Why It’s So Hard to Ignore a Baby’s Cry, According to Science

Source: Time

By Jordan Raine, University of Sussex / The Conversation

Have you ever been sat on a flight with a crying baby in your vicinity, wondering more and more with each successive wail how much longer you can stand the sound? Or maybe you’ve been a parent, barely able to resist for a second before running to soothe your precious infant’s ear-piercing distress? Most of us have been there at some point in our lives. But what exactly is it about a baby’s cry that makes it so hard to ignore?

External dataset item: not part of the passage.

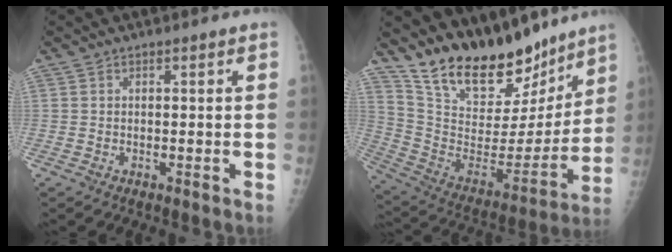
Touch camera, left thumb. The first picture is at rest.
{"total": 23.3, "force": [19.0, 9.0, 10.0], "torque": [-0.132, -0.103, 0.317]}
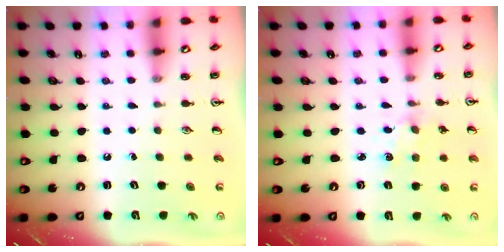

First, it is important to draw a distinction between crying and tears. Many species produce cries, but we appear to be the only animals that send emotional droplets streaming down from our tear ducts. While tears often accompany cry vocalisations in older age, they are by no means a prerequisite of crying – newborns cry from birth but don’t produce tears until they are two to three months in age. It also turns out that these early cries have evolutionary roots separate from the more cultural, learned “emotional crying” that we develop in later life.

Crying is a primitive behaviour shared across mammals, whose governing mechanisms are rooted in the evolutionarily ancient brain stem – infant rats, cats, and humans have all been shown to be able to cry even when the forebrain, which evolved much later, is absent. Indeed, the cries of many human and non-human mammal infants are highly similar in both acoustic structure and in the contexts in which they occur – across the mammal kingdom, infants cry primarily when they’re hungry, when they’re in pain, and when they’re alone.